• _AVAILABLE RECORDS_

[Start of section]

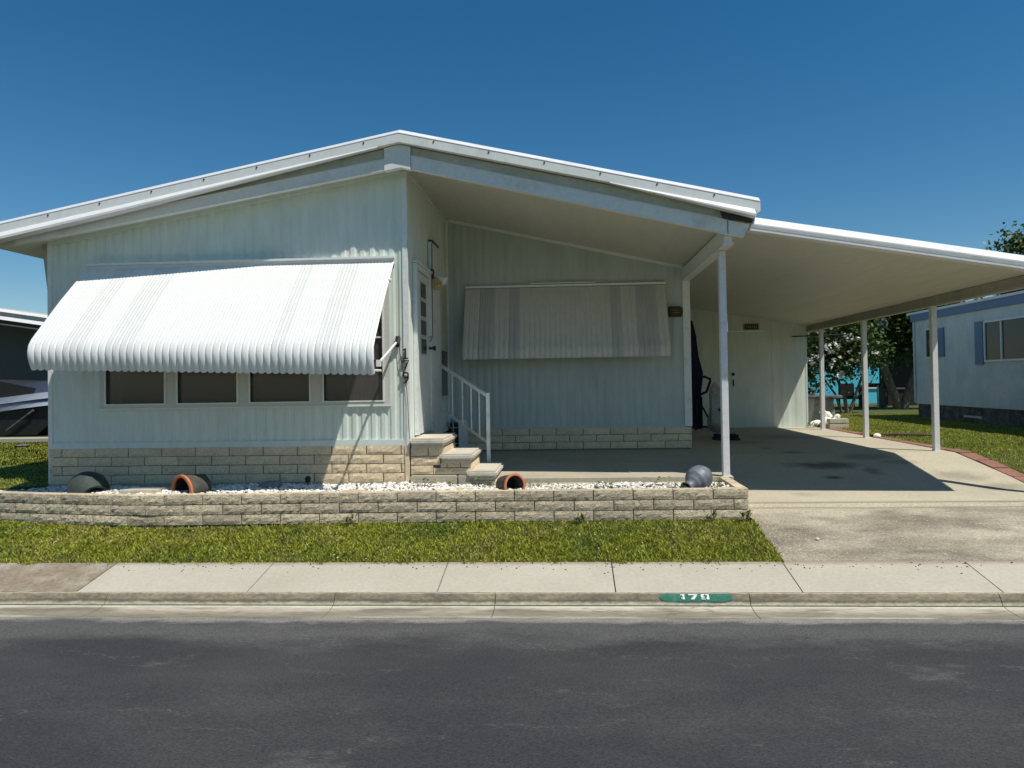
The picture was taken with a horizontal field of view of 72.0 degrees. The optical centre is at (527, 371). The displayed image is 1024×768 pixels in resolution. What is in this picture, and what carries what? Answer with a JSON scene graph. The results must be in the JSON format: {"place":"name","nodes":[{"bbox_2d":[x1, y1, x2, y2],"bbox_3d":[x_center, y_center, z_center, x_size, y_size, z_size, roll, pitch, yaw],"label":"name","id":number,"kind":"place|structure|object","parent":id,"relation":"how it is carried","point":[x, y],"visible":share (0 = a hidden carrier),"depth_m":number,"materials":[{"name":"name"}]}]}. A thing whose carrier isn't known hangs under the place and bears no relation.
{"place":"outdoors","nodes":[
{"label":"outdoors","id":0,"kind":"place"},
{"bbox_2d":[0,308,47,403],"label":"neighbor house","id":1,"kind":"structure","parent":0,"point":[19,329],"depth_m":22.46,"materials":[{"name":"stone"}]},
{"bbox_2d":[0,441,47,487],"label":"lawn","id":2,"kind":"structure","parent":0,"point":[19,470],"depth_m":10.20,"materials":[{"name":"green plant"}]},
{"bbox_2d":[14,444,28,446],"bbox_3d":[-10.195,1.490,14.179,0.260,0.045,0.253,-1,-1,3],"label":"valve cover","id":3,"kind":"object","parent":2,"relation":"on","point":[20,445],"visible":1,"depth_m":14.10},
{"bbox_2d":[0,476,48,489],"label":"lawn","id":4,"kind":"structure","parent":0,"point":[12,487],"depth_m":8.47,"materials":[{"name":"green plant"}]},
{"bbox_2d":[0,517,784,565],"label":"front lawn","id":5,"kind":"structure","parent":0,"point":[495,532],"depth_m":6.75,"materials":[{"name":"green plant"}]},
{"bbox_2d":[12,523,681,558],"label":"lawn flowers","id":6,"kind":"object","parent":5,"relation":"on","point":[354,527],"visible":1,"depth_m":6.89,"materials":[{"name":"plant"}]},
{"bbox_2d":[342,513,357,523],"bbox_3d":[-1.838,1.542,7.300,0.187,0.141,0.103,-1,-1,3],"label":"weed plant","id":7,"kind":"object","parent":5,"relation":"on","point":[347,517],"visible":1,"depth_m":7.31,"materials":[{"name":"green plant"}]},
{"bbox_2d":[573,512,585,521],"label":"weed plant","id":8,"kind":"object","parent":5,"relation":"on","point":[582,516],"visible":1,"depth_m":7.19,"materials":[{"name":"green plant"}]},
{"bbox_2d":[704,508,716,520],"bbox_3d":[1.845,1.472,7.147,0.147,0.158,0.080,-1,-1,14],"label":"weed plant","id":9,"kind":"object","parent":5,"relation":"on","point":[709,517],"visible":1,"depth_m":7.14,"materials":[{"name":"green plant"}]},
{"bbox_2d":[737,509,751,521],"bbox_3d":[2.200,1.472,7.137,0.166,0.146,0.068,-1,-1,7],"label":"weed plant","id":10,"kind":"object","parent":5,"relation":"on","point":[747,513],"visible":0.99,"depth_m":7.13,"materials":[{"name":"green plant"}]},
{"bbox_2d":[0,617,1023,767],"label":"road","id":11,"kind":"structure","parent":0,"point":[167,692],"depth_m":4.05,"materials":[{"name":"grey asphalt"}]},
{"bbox_2d":[0,561,1023,598],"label":"sidewalk","id":12,"kind":"structure","parent":0,"point":[830,577],"depth_m":6.02,"materials":[{"name":"concrete"}]},
{"bbox_2d":[123,561,1012,573],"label":"soil crumbs","id":13,"kind":"object","parent":12,"relation":"on","point":[619,565],"visible":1,"depth_m":6.15,"materials":[{"name":"brown soil"}]},
{"bbox_2d":[0,427,1023,612],"bbox_3d":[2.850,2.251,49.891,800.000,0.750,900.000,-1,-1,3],"label":"ground","id":14,"kind":"structure","parent":0,"point":[46,435],"depth_m":5.75,"materials":[{"name":"grey concrete"}]},
{"bbox_2d":[0,380,47,435],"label":"covered boat","id":15,"kind":"object","parent":14,"relation":"on","point":[27,417],"visible":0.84,"depth_m":17.48,"materials":[{"name":"black metal"}]},
{"bbox_2d":[0,437,47,441],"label":"boundary kerb","id":16,"kind":"structure","parent":14,"relation":"on","point":[28,439],"depth_m":15.54,"materials":[{"name":"concrete"}]},
{"bbox_2d":[0,477,748,527],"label":"planter wall","id":17,"kind":"structure","parent":14,"relation":"on","point":[270,508],"depth_m":7.37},
{"bbox_2d":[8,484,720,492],"bbox_3d":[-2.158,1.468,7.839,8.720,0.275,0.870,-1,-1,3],"label":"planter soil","id":18,"kind":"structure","parent":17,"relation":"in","point":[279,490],"depth_m":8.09,"materials":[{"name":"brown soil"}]},
{"bbox_2d":[67,471,109,492],"bbox_3d":[-4.960,1.354,7.963,0.469,0.431,0.410,-2,-1,39],"label":"clay pot","id":19,"kind":"object","parent":18,"relation":"on","point":[84,482],"visible":0.52,"depth_m":7.85,"materials":[{"name":"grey ceramic"}]},
{"bbox_2d":[0,481,729,493],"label":"gravel","id":20,"kind":"structure","parent":18,"relation":"on","point":[239,488],"depth_m":7.86,"materials":[{"name":"white gravel"}]},
{"bbox_2d":[119,488,166,493],"bbox_3d":[-4.233,1.321,7.763,0.430,0.055,0.260,-1,-1,3],"label":"garden block","id":21,"kind":"object","parent":20,"relation":"on","point":[142,490],"depth_m":7.64,"materials":[{"name":"concrete"}]},
{"bbox_2d":[172,474,210,492],"bbox_3d":[-3.723,1.311,7.830,0.356,0.355,0.314,-1,-1,31],"label":"terracotta pot","id":22,"kind":"object","parent":20,"relation":"on","point":[197,483],"visible":0.67,"depth_m":7.78,"materials":[{"name":"orange ceramic"}]},
{"bbox_2d":[258,481,282,489],"bbox_3d":[-2.917,1.311,8.007,0.301,0.130,0.195,-1,-1,3],"label":"rock","id":23,"kind":"object","parent":20,"relation":"on","point":[272,484],"visible":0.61,"depth_m":7.95,"materials":[{"name":"grey stone"}]},
{"bbox_2d":[305,476,310,485],"bbox_3d":[-2.528,1.263,8.088,0.068,0.125,0.065,-1,-1,3],"label":"solar light","id":24,"kind":"object","parent":20,"relation":"on","point":[307,479],"visible":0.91,"depth_m":8.07,"materials":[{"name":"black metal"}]},
{"bbox_2d":[339,489,367,491],"bbox_3d":[-1.854,1.313,7.630,0.414,0.060,0.170,-1,-1,3],"label":"rock","id":25,"kind":"object","parent":20,"relation":"on","point":[360,490],"visible":0.3,"depth_m":7.61,"materials":[{"name":"beige stone"}]},
{"bbox_2d":[413,478,435,485],"bbox_3d":[-1.137,1.255,7.875,0.323,0.113,0.192,-1,-1,22],"label":"weed plant","id":26,"kind":"object","parent":20,"relation":"on","point":[425,482],"visible":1,"depth_m":7.92,"materials":[{"name":"green plant"}]},
{"bbox_2d":[453,487,477,489],"bbox_3d":[-0.679,1.290,7.633,0.303,0.059,0.180,-1,-1,3],"label":"rock","id":27,"kind":"object","parent":20,"relation":"on","point":[464,488],"visible":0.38,"depth_m":7.59,"materials":[{"name":"beige stone"}]},
{"bbox_2d":[496,473,525,489],"bbox_3d":[-0.206,1.213,7.582,0.256,0.255,0.303,0,-1,-30],"label":"terracotta pot","id":28,"kind":"object","parent":20,"relation":"on","point":[514,480],"visible":0.68,"depth_m":7.55,"materials":[{"name":"orange ceramic"}]},
{"bbox_2d":[641,476,677,486],"bbox_3d":[1.417,1.201,7.567,0.414,0.131,0.206,-1,-1,3],"label":"weed plant","id":29,"kind":"object","parent":20,"relation":"on","point":[659,481],"visible":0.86,"depth_m":7.60,"materials":[{"name":"green plant"}]},
{"bbox_2d":[469,476,491,486],"bbox_3d":[-0.537,1.241,7.866,0.294,0.121,0.189,-1,-1,3],"label":"weed plant","id":30,"kind":"object","parent":18,"relation":"on","point":[478,478],"visible":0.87,"depth_m":7.89,"materials":[{"name":"green plant"}]},
{"bbox_2d":[590,480,630,487],"bbox_3d":[0.879,1.220,7.528,0.450,0.107,0.233,-1,-1,3],"label":"weed plant","id":31,"kind":"object","parent":18,"relation":"on","point":[609,484],"visible":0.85,"depth_m":7.53,"materials":[{"name":"green plant"}]},
{"bbox_2d":[681,465,712,487],"bbox_3d":[1.813,1.165,7.607,0.416,0.292,0.279,0,-1,-32],"label":"glazed jug","id":32,"kind":"object","parent":18,"relation":"on","point":[698,476],"visible":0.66,"depth_m":7.52,"materials":[{"name":"ceramic"}]},
{"bbox_2d":[0,130,760,487],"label":"mobile home","id":33,"kind":"object","parent":14,"relation":"on","point":[318,314],"visible":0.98,"depth_m":8.36,"materials":[{"name":"white metal"}]},
{"bbox_2d":[99,281,411,451],"bbox_3d":[-3.454,-0.135,8.747,3.925,2.350,0.830,-1,-1,3],"label":"window unit","id":34,"kind":"structure","parent":33,"relation":"in","point":[121,390],"depth_m":8.35,"materials":[{"name":"grey glass"}]},
{"bbox_2d":[412,260,435,434],"bbox_3d":[-1.293,-0.278,8.972,0.131,2.115,0.960,-1,-1,3],"label":"entry door","id":35,"kind":"structure","parent":33,"relation":"in","point":[422,299],"depth_m":8.84,"materials":[{"name":"grey"}]},
{"bbox_2d":[440,283,447,399],"bbox_3d":[-1.258,-0.448,10.465,0.038,1.740,0.580,-1,-1,3],"label":"window","id":36,"kind":"structure","parent":33,"relation":"in","point":[443,291],"depth_m":10.41,"materials":[{"name":"grey"}]},
{"bbox_2d":[669,306,682,316],"bbox_3d":[2.236,-0.904,10.668,0.205,0.155,0.034,-1,-1,3],"label":"wall sign","id":37,"kind":"object","parent":33,"relation":"attached to","point":[675,311],"visible":1,"depth_m":10.66,"materials":[{"name":"black metal"}]},
{"bbox_2d":[409,433,503,484],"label":"entry steps","id":38,"kind":"structure","parent":14,"relation":"on","point":[439,457],"depth_m":8.19,"materials":[{"name":"stone"}]},
{"bbox_2d":[440,364,490,461],"bbox_3d":[-0.832,0.577,9.537,0.140,1.380,1.242,0,-1,-35],"label":"handrail","id":39,"kind":"object","parent":38,"relation":"on","point":[479,391],"visible":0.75,"depth_m":9.30,"materials":[{"name":"white metal"}]},
{"bbox_2d":[0,592,1023,605],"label":"kerb","id":40,"kind":"structure","parent":14,"relation":"on","point":[637,598],"depth_m":5.73,"materials":[{"name":"concrete"}]},
{"bbox_2d":[660,594,732,601],"bbox_3d":[1.348,1.814,5.637,0.585,0.053,0.039,-1,-1,3],"label":"kerb number","id":41,"kind":"object","parent":40,"relation":"attached to","point":[696,597],"visible":1,"depth_m":5.63,"materials":[{"name":"green paint"}]},
{"bbox_2d":[0,605,1023,619],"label":"gutter","id":42,"kind":"object","parent":14,"relation":"on","point":[695,612],"visible":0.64,"depth_m":5.56,"materials":[{"name":"concrete"}]},
{"bbox_2d":[491,481,719,485],"bbox_3d":[0.978,1.395,8.086,2.795,0.200,0.296,-1,-1,3],"label":"porch footing","id":43,"kind":"object","parent":14,"relation":"on","point":[527,484],"visible":0.05,"depth_m":8.18,"materials":[{"name":"concrete"}]},
{"bbox_2d":[479,448,733,482],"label":"porch slab","id":44,"kind":"structure","parent":14,"relation":"on","point":[555,466],"depth_m":9.23,"materials":[{"name":"concrete"}]},
{"bbox_2d":[749,502,1023,561],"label":"driveway apron","id":45,"kind":"object","parent":14,"relation":"on","point":[964,513],"visible":0.84,"depth_m":6.86,"materials":[{"name":"concrete"}]},
{"bbox_2d":[755,515,1023,560],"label":"exposed aggregate","id":46,"kind":"object","parent":45,"relation":"on","point":[871,538],"visible":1,"depth_m":6.73,"materials":[{"name":"stone"}]},
{"bbox_2d":[826,428,1023,482],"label":"paver edging","id":47,"kind":"object","parent":14,"relation":"on","point":[1002,468],"visible":0.59,"depth_m":9.72,"materials":[{"name":"red brick"}]},
{"bbox_2d":[873,433,880,437],"bbox_3d":[6.262,1.155,12.629,0.104,0.090,0.114,0,-1,-43],"label":"rock","id":48,"kind":"object","parent":47,"relation":"on","point":[876,435],"visible":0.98,"depth_m":12.60,"materials":[{"name":"white stone"}]},
{"bbox_2d":[0,0,1023,331],"label":"sky","id":49,"kind":"structure","parent":0,"point":[892,118],"materials":[{"name":"blue"}]},
{"bbox_2d":[692,426,1023,502],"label":"driveway","id":50,"kind":"structure","parent":0,"point":[810,464],"depth_m":9.24,"materials":[{"name":"concrete"}]},
{"bbox_2d":[690,320,710,430],"bbox_3d":[3.269,0.077,13.474,0.462,2.123,0.151,-1,-1,13],"label":"folded umbrella","id":51,"kind":"object","parent":50,"relation":"on","point":[698,409],"visible":0.86,"depth_m":13.44,"materials":[{"name":"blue fabric"}]},
{"bbox_2d":[712,434,739,440],"bbox_3d":[3.577,1.190,12.727,0.430,0.100,0.350,-1,-1,3],"label":"storage tray","id":52,"kind":"object","parent":50,"relation":"on","point":[717,437],"visible":0.81,"depth_m":12.57,"materials":[{"name":"black metal"}]},
{"bbox_2d":[707,382,720,432],"bbox_3d":[3.491,0.670,13.003,0.354,0.950,0.312,-1,-1,29],"label":"plastic bag","id":53,"kind":"object","parent":52,"relation":"on","point":[714,420],"visible":0.71,"depth_m":12.94,"materials":[{"name":"grey plastic"}]},
{"bbox_2d":[690,217,1023,450],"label":"carport","id":54,"kind":"object","parent":50,"relation":"on","point":[789,286],"visible":0.86,"depth_m":11.14,"materials":[{"name":"white metal"}]},
{"bbox_2d":[744,324,758,329],"bbox_3d":[4.998,-0.994,15.752,0.330,0.135,0.025,-1,-1,3],"label":"wall plaque","id":55,"kind":"object","parent":54,"relation":"attached to","point":[751,326],"depth_m":15.74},
{"bbox_2d":[876,318,887,339],"bbox_3d":[11.533,-1.360,22.794,0.362,0.693,1.020,-2,-1,35],"label":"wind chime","id":56,"kind":"object","parent":54,"relation":"hanging from","point":[882,321],"visible":0.77,"depth_m":22.42},
{"bbox_2d":[808,344,912,403],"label":"cyan house","id":57,"kind":"structure","parent":0,"point":[901,378],"depth_m":29.34,"materials":[{"name":"paint"}]},
{"bbox_2d":[887,388,917,405],"bbox_3d":[13.981,0.971,26.491,1.200,0.690,0.600,-1,-1,3],"label":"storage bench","id":58,"kind":"object","parent":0,"point":[900,393],"visible":0.14,"depth_m":26.25,"materials":[{"name":"wood"}]},
{"bbox_2d":[820,403,1023,473],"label":"lawn","id":59,"kind":"structure","parent":0,"point":[874,409],"depth_m":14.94,"materials":[{"name":"green plant"}]},
{"bbox_2d":[807,332,819,394],"bbox_3d":[9.401,-0.388,24.959,2.507,4.307,2.444,-2,-1,38],"label":"dark shrub","id":60,"kind":"object","parent":59,"relation":"on","point":[812,382],"depth_m":24.48,"materials":[{"name":"green plant"}]},
{"bbox_2d":[809,411,839,426],"bbox_3d":[6.726,1.081,15.965,0.750,0.393,0.312,-1,-1,3],"label":"white rock pile","id":61,"kind":"object","parent":59,"relation":"on","point":[827,415],"visible":0.45,"depth_m":15.94,"materials":[{"name":"white stone"}]},
{"bbox_2d":[808,387,842,421],"bbox_3d":[6.925,0.805,16.525,0.860,0.880,0.860,-1,-1,3],"label":"stone pedestal","id":62,"kind":"object","parent":59,"relation":"on","point":[813,406],"visible":0.69,"depth_m":16.32,"materials":[{"name":"grey stone"}]},
{"bbox_2d":[826,423,848,427],"bbox_3d":[6.716,1.181,15.279,0.410,0.095,0.200,-1,-1,3],"label":"concrete block","id":63,"kind":"object","parent":59,"relation":"on","point":[834,425],"depth_m":15.19,"materials":[{"name":"concrete"}]},
{"bbox_2d":[827,418,848,422],"bbox_3d":[6.720,1.076,15.281,0.400,0.095,0.200,-1,-1,3],"label":"concrete block","id":64,"kind":"object","parent":63,"relation":"on","point":[837,420],"depth_m":15.19,"materials":[{"name":"concrete"}]},
{"bbox_2d":[838,383,861,406],"bbox_3d":[11.707,0.894,25.619,0.660,0.890,0.700,-1,-1,3],"label":"patio chair","id":65,"kind":"object","parent":59,"relation":"on","point":[850,394],"visible":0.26,"depth_m":25.86,"materials":[{"name":"black metal"}]},
{"bbox_2d":[807,317,896,412],"bbox_3d":[9.518,-0.436,21.485,3.382,3.568,1.996,-1,-1,3],"label":"flowering tree","id":66,"kind":"object","parent":59,"relation":"on","point":[839,354],"visible":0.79,"depth_m":21.20,"materials":[{"name":"green plant"}]},
{"bbox_2d":[858,383,886,407],"bbox_3d":[12.440,0.878,25.389,0.850,0.890,0.878,-1,-1,3],"label":"patio table","id":67,"kind":"object","parent":59,"relation":"on","point":[881,395],"visible":0.5,"depth_m":25.18,"materials":[{"name":"wood"}]},
{"bbox_2d":[881,433,931,436],"bbox_3d":[6.914,1.157,12.745,0.945,0.083,0.098,-1,-1,28],"label":"mulch roll","id":68,"kind":"object","parent":59,"relation":"on","point":[910,434],"visible":0.64,"depth_m":12.72,"materials":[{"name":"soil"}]},
{"bbox_2d":[858,300,971,409],"bbox_3d":[12.438,-1.165,23.302,4.826,5.045,3.343,-1,-1,3],"label":"forked tree","id":69,"kind":"object","parent":59,"relation":"on","point":[899,331],"visible":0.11,"depth_m":23.18,"materials":[{"name":"green plant"}]},
{"bbox_2d":[906,290,1023,427],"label":"neighbor house","id":70,"kind":"structure","parent":59,"relation":"on","point":[981,360],"depth_m":15.86,"materials":[{"name":"white metal"}]},
{"bbox_2d":[924,327,938,358],"bbox_3d":[10.181,-0.709,17.765,0.041,0.760,0.580,-1,-1,3],"label":"window","id":71,"kind":"structure","parent":70,"relation":"in","point":[927,343],"depth_m":17.97,"materials":[{"name":"grey"}]},
{"bbox_2d":[983,315,1023,361],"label":"window","id":72,"kind":"structure","parent":70,"relation":"in","point":[1003,339],"depth_m":14.81,"materials":[{"name":"grey glass"}]},
{"bbox_2d":[980,221,1023,298],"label":"distant tree","id":73,"kind":"object","parent":59,"relation":"on","point":[1012,247],"visible":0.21,"depth_m":40.41,"materials":[{"name":"green plant"}]}
]}

[End of section]

• _HOW TO COMPLETE THIS TASK_
Find all the lines containing "outdoors" in the material, then copy them.

• _RESPONSE FOR THIS EXERCISE_
{"place":"outdoors","nodes":[
{"label":"outdoors","id":0,"kind":"place"},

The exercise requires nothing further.